From meeting 2024-04-02: we should add a figure that shows how picking various simulation resolutions (between say 0.01 and 10 ms) affects the number of emitted spikes in an extended simulation span.
As we discussed before, the interpretation of Phi may vary. For instance, the ref [1] call it "firing function", and in their section "The Model" they explicitly say that Phi(V) in their context is a probability that grows monotonically in the limits of 0 to 1, then in this case Phi(V) is not the firing rate. I'm bringing this context to say that the biophysical parameters in the notebook were estimated using this same interpretation.

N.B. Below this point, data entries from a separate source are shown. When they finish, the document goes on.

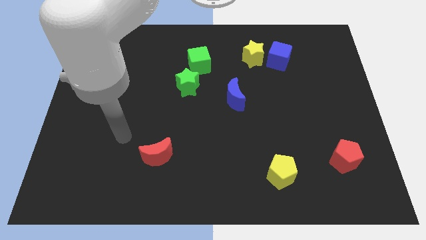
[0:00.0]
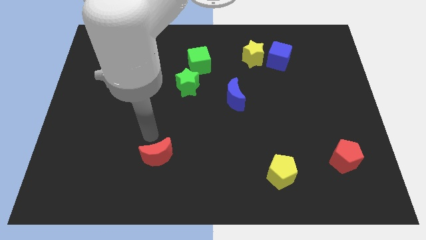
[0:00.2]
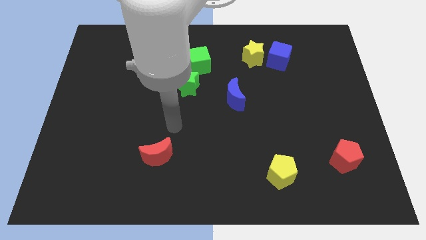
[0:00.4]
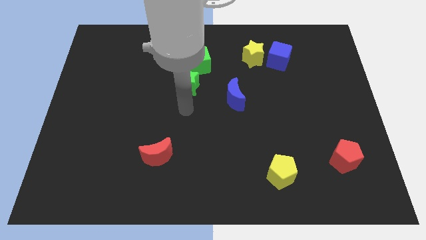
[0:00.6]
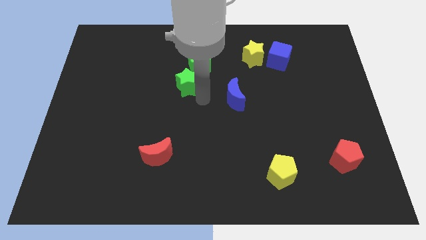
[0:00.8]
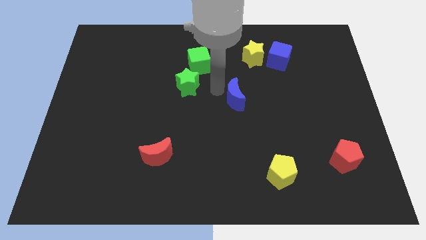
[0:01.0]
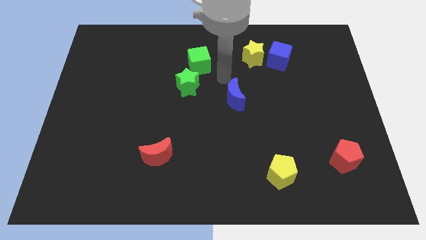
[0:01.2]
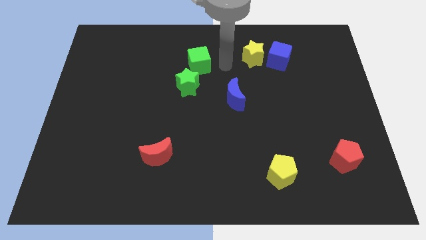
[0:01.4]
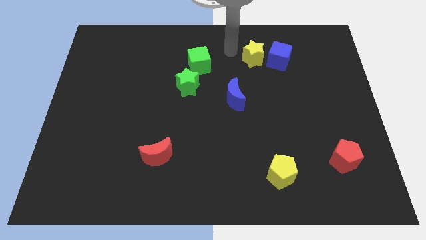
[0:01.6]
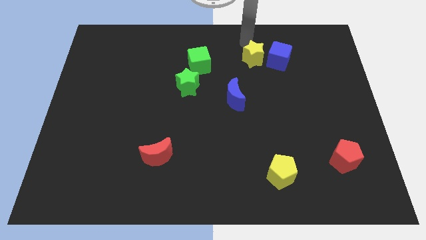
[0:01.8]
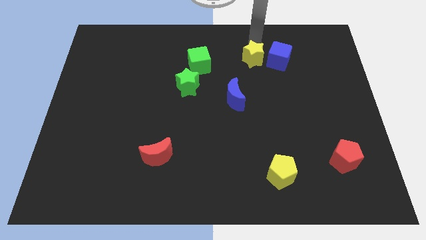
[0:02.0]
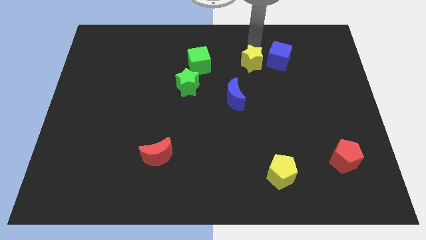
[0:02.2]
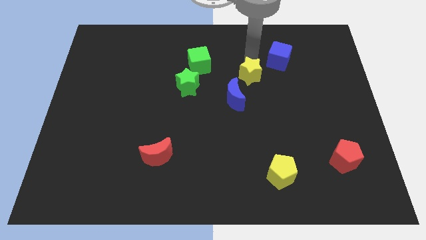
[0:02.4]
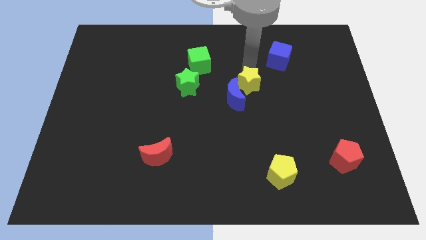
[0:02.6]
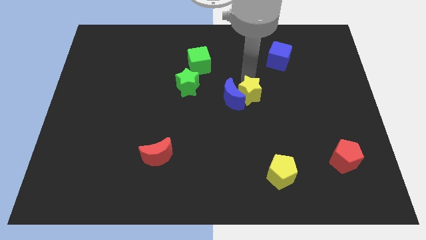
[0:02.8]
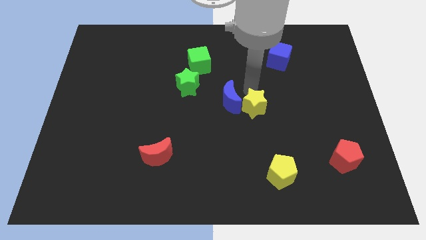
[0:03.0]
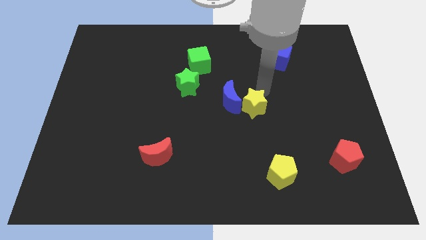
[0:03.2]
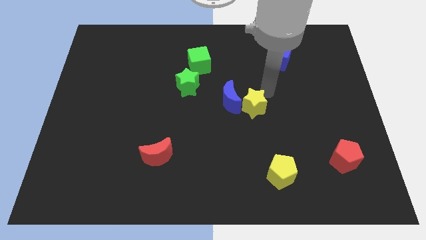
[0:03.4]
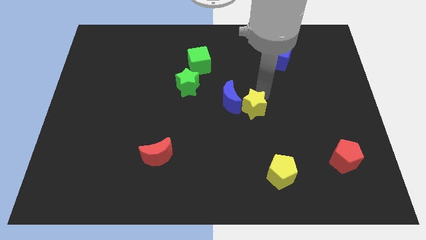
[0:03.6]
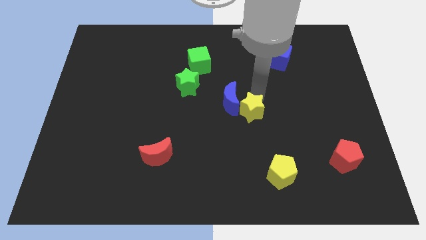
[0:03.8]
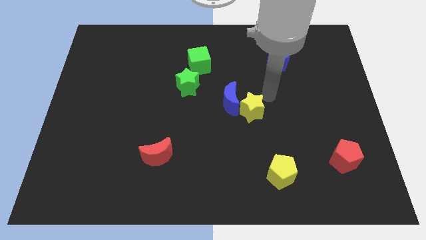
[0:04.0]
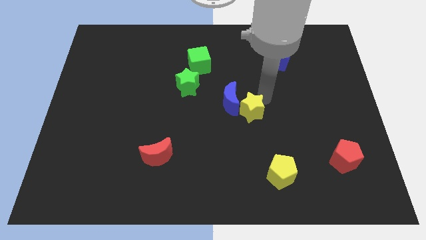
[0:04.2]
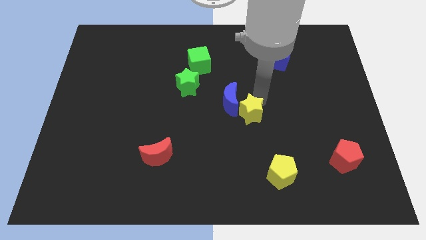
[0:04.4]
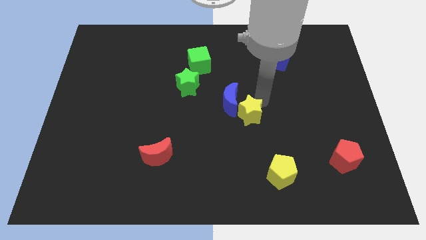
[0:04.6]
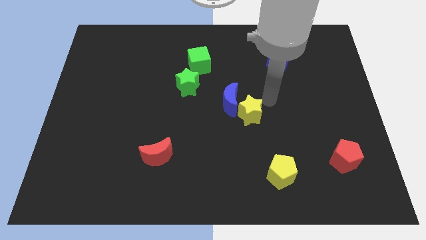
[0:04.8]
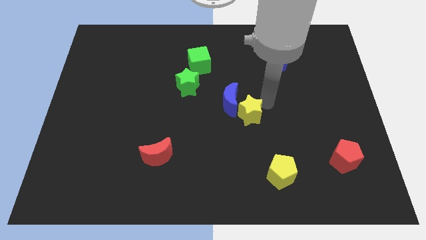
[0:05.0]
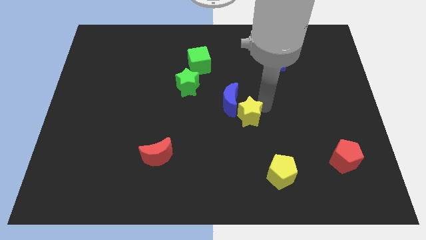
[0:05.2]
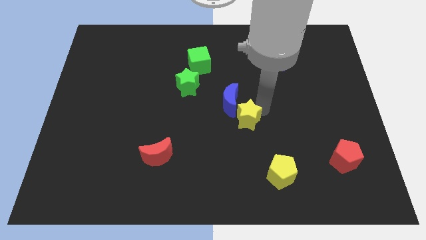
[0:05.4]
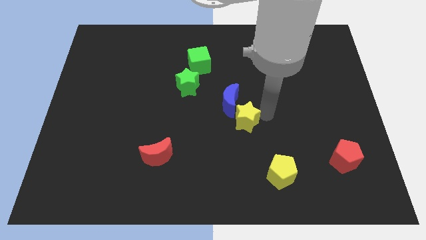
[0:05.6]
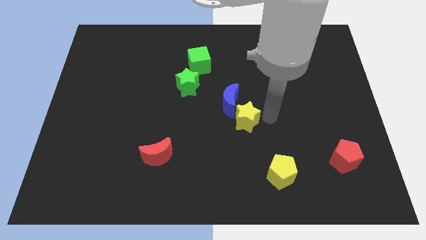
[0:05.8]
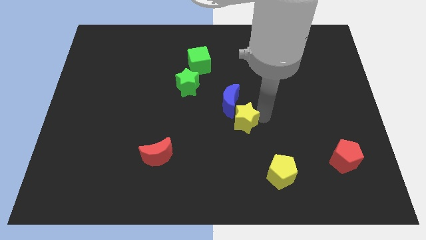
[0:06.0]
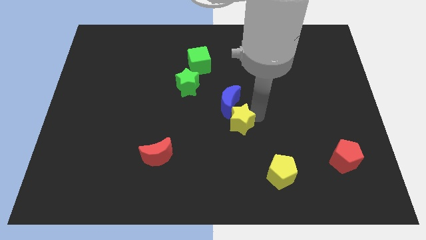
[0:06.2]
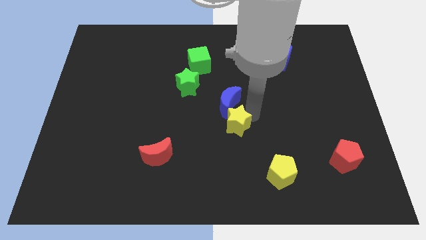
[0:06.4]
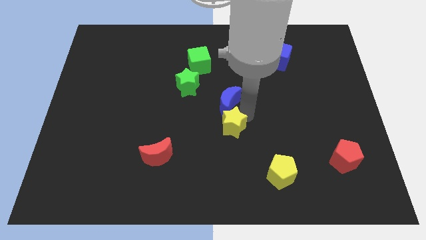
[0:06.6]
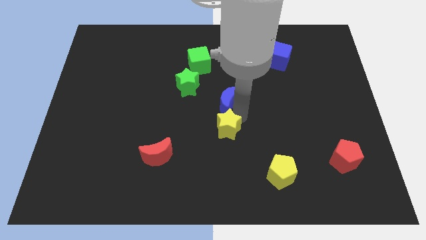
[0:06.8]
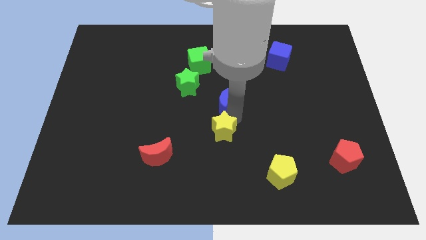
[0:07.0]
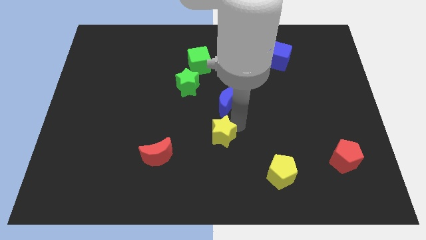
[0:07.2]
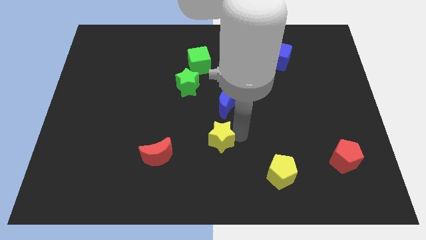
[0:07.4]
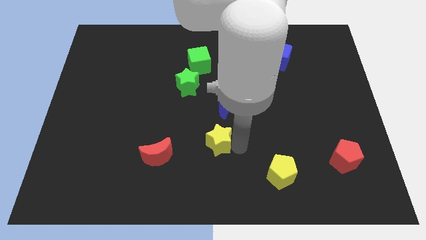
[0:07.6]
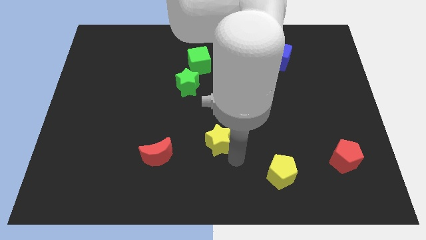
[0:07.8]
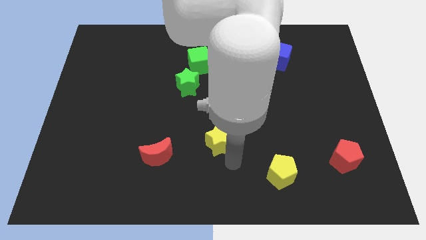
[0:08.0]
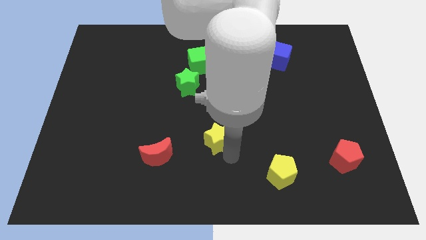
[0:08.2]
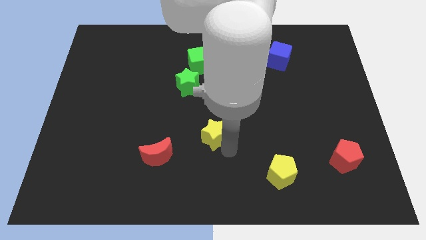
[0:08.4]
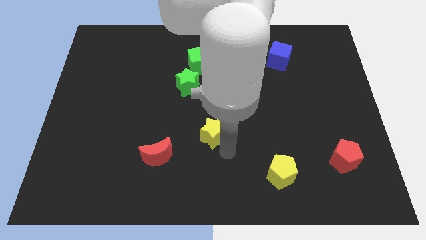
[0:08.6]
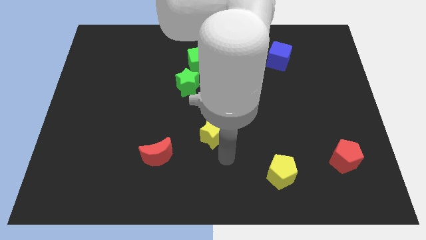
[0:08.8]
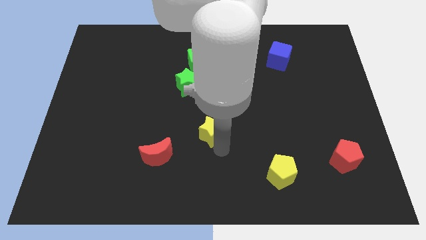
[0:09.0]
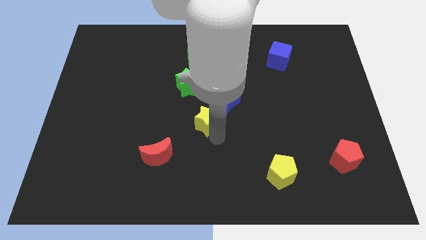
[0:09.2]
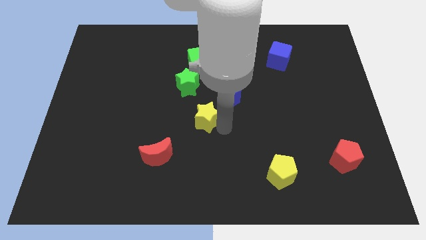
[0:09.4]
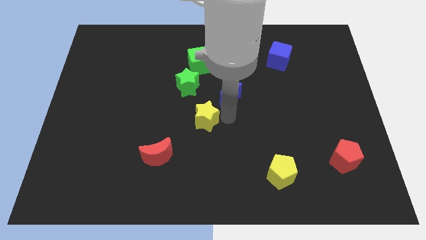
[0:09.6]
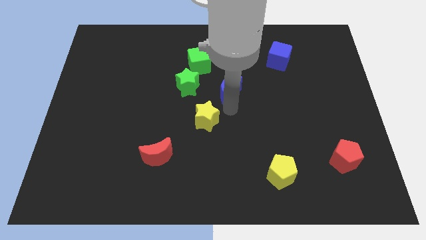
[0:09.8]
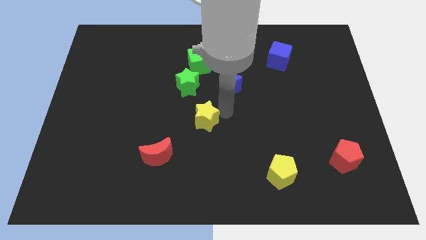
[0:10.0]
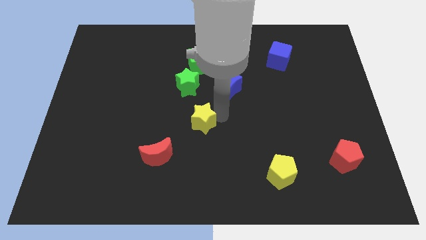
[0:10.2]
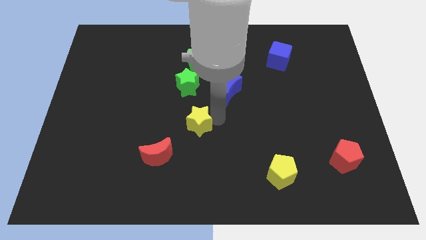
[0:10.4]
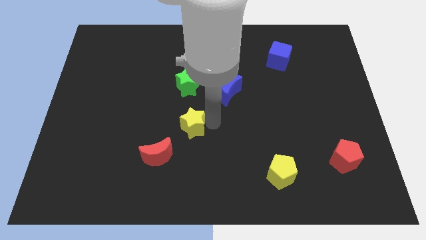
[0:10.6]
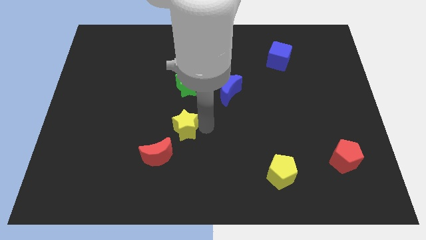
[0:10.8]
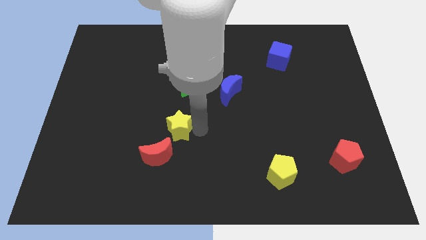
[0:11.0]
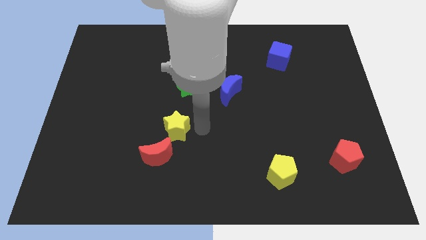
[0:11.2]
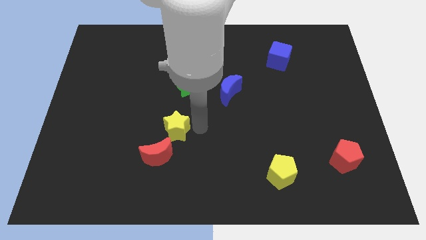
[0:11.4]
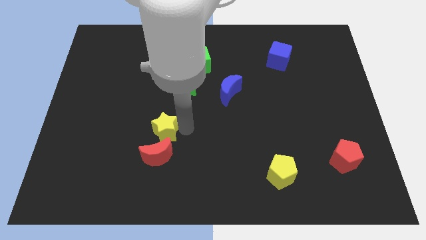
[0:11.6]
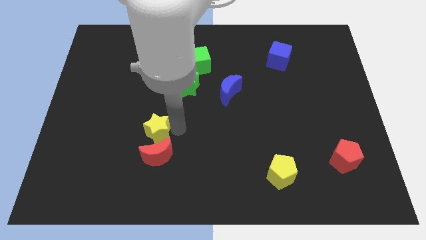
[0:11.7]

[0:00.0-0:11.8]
move the yellow star to the top left side of the red moon

• The reference where we estimated the Phi(U) from experimental data (Figure 5 of REF below) and also tested the reliability of the single neuron (Figure 1 of REF below) is this one:
• Lima, V., Pena, R. F. O., Shimoura, R. O., Kamiji, N. L., Ceballos, C. C., Borges, F. S., Higa, G. S. V., de Pasquale, R., & Roque, A. C. (2021). Modeling and characterizing stochastic neurons based on in vitro voltage-dependent spike probability functions. The European Physical Journal Special Topics 2021 230:14, 230(14), 2963–2972. https://doi.org/10.1140/EPJS/S11734-021-00160-7
• An experimental reference for the reliability figure is the Figure 1 from:
• Mainen, Z. F., & Sejnowski, T. J. (1995). Reliability of Spike Timing in Neocortical Neurons. Science, 268(5216), 1503–1506. https://doi.org/10.1126/science.7770778
If considering Phi(V) as a probability of spike in function of the membrane potential, then I'm not sure if the conversion in nestml_gl_exp_model fits to this case: if random_uniform(0, 1) <= 1E-3 resolution() Phi(U). In my understanding, this is fine if Phi(U) is the firing rate (which I think is the case for the nestml_gl_ca_neuron_model), but maybe not for this one.

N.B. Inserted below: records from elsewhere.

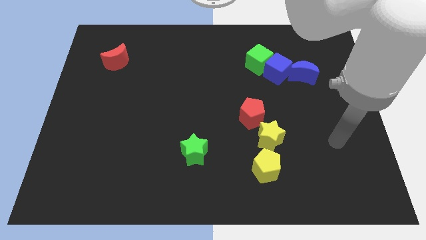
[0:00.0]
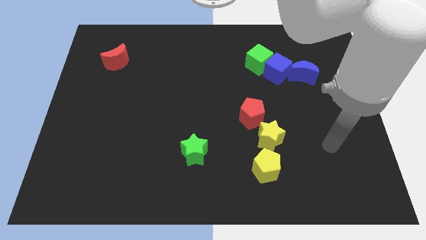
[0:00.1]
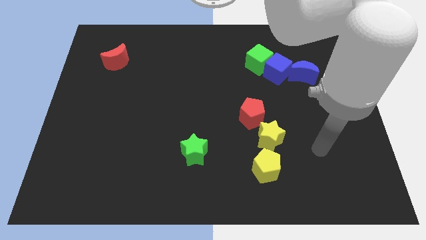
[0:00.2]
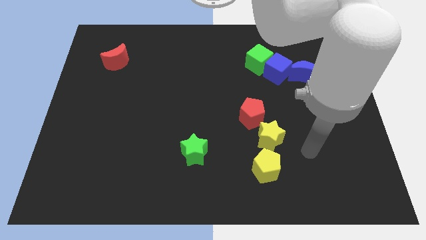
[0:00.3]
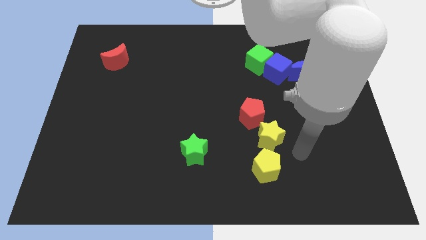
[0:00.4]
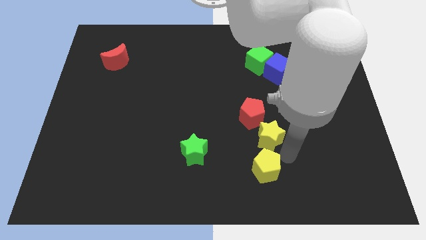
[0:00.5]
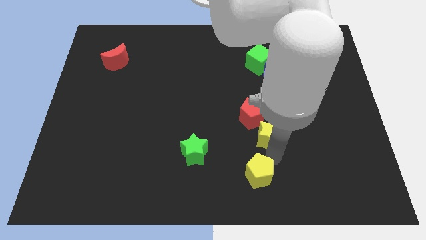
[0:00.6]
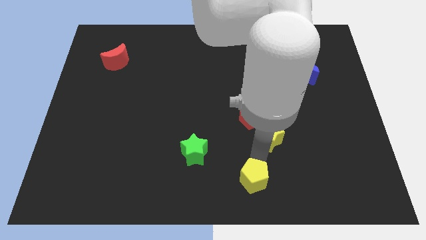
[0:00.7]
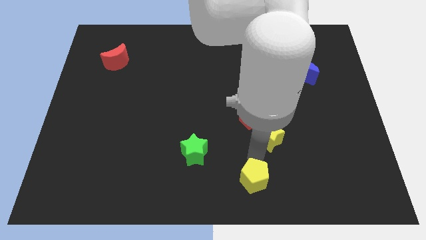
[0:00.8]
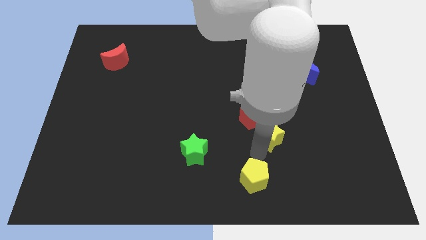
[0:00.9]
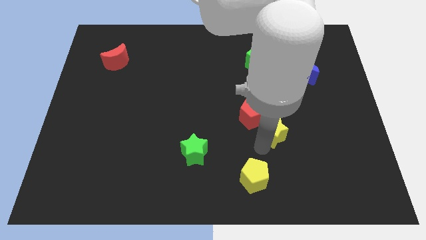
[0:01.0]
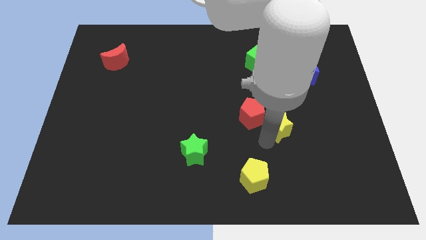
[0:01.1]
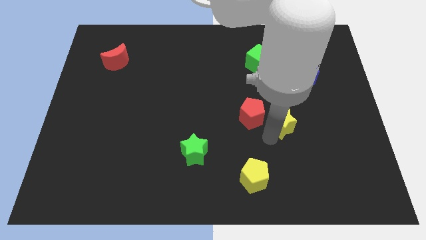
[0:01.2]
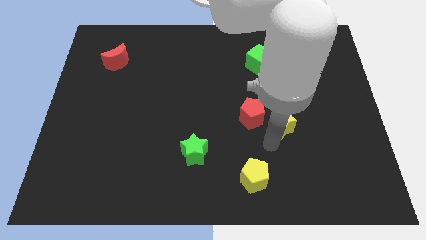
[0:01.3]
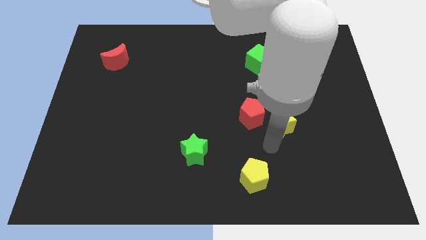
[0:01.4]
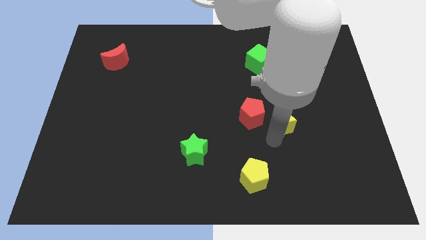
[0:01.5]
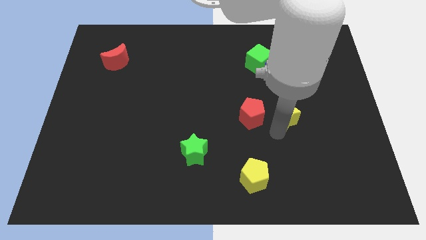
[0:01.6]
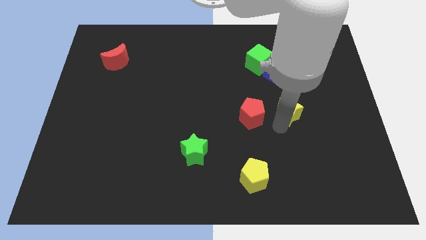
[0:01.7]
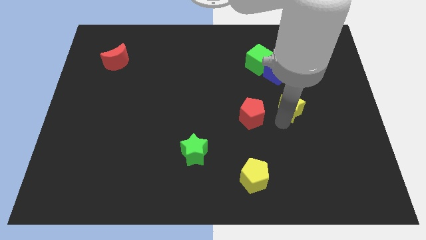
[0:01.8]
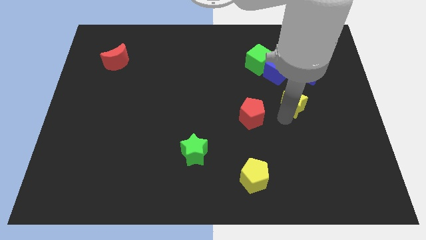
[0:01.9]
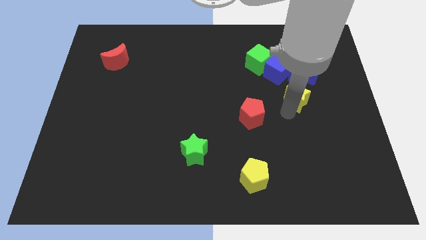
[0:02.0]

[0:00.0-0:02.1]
put the yellow star to the bottom right of the blue cube

• This definition makes the model similar to the Escape noise model, where here comes an example Markus mentioned about a similar existing model. If you check the link, Figure 5.8, shows equivalent Phi(V) curves for different discretizations dt, where you can see it affects Phi(U). So, back to the notebook, I understand that the nestml_gl_exp_model should not have the 1E-3 * resolution() multiplying Phi(U).
A more technical issue, the reliability experiment has to be adjusted a bit.
• For instance, the evaluate_neuron has more arguments than needed for the example. I can adjust it later.
• Additionally, the idea of the experiment is testing multiple trials under constant current and frozen noise. I used a fixed poisson generator as a workaround, but ideally we should use the exact same noise_generator (frozen noise) across different trials. Is there a way to set a single noise_generator and apply it for multiple neurons? I mean, it is possible of course, but each neuron receives a different noise, ideally it should receive the exact same. If there is a smart way to do it, we should implement and replace the poisson generator.
From meeting 2024-04-02: we should add a figure that shows how picking various simulation resolutions (between say 0.01 and 10 ms) affects the number of emitted spikes in an extended simulation span.